*** Opening Records supplied ***

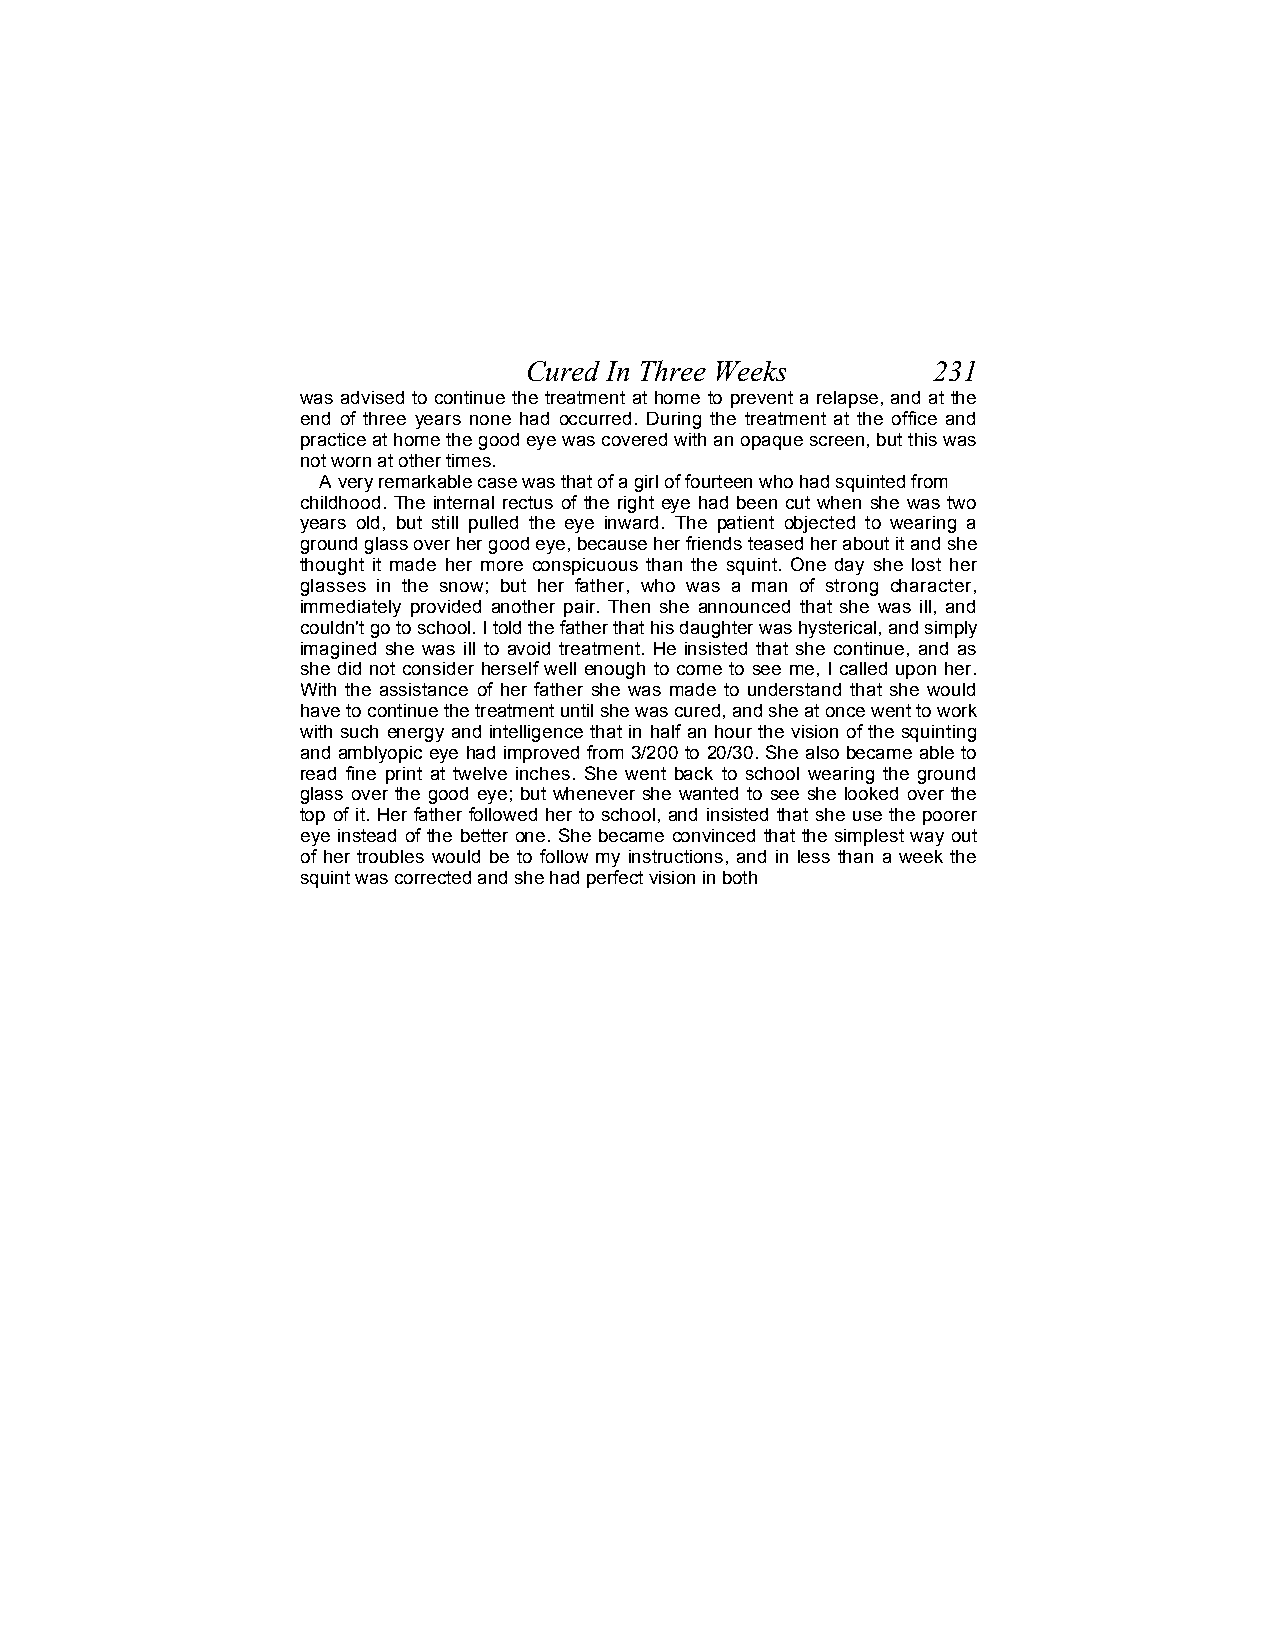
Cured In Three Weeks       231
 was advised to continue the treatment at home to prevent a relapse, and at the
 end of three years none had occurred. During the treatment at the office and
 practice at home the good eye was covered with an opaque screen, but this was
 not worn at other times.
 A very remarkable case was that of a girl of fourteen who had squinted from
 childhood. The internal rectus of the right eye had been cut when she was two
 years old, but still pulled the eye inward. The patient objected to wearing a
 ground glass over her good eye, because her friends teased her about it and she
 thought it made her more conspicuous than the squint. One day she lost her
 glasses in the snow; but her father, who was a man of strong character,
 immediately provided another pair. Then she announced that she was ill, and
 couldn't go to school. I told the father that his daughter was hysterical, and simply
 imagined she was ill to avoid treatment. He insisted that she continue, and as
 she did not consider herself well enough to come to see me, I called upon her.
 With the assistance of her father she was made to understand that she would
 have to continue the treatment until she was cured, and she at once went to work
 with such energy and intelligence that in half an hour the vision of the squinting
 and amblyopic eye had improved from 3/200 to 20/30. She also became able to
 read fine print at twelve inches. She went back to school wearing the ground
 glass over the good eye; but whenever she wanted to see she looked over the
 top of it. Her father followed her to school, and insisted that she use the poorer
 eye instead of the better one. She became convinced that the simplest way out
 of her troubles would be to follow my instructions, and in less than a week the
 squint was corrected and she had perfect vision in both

*** Closing Records supplied ***

What you will do> For this answer, retype the lines from the start of the listing through the line that holds "childhood. The internal", inclusive, exactly and without pictures.

Response to the task>
Cured In Three Weeks       231
 was advised to continue the treatment at home to prevent a relapse, and at the
 end of three years none had occurred. During the treatment at the office and
 practice at home the good eye was covered with an opaque screen, but this was
 not worn at other times.
 A very remarkable case was that of a girl of fourteen who had squinted from
 childhood. The internal rectus of the right eye had been cut when she was two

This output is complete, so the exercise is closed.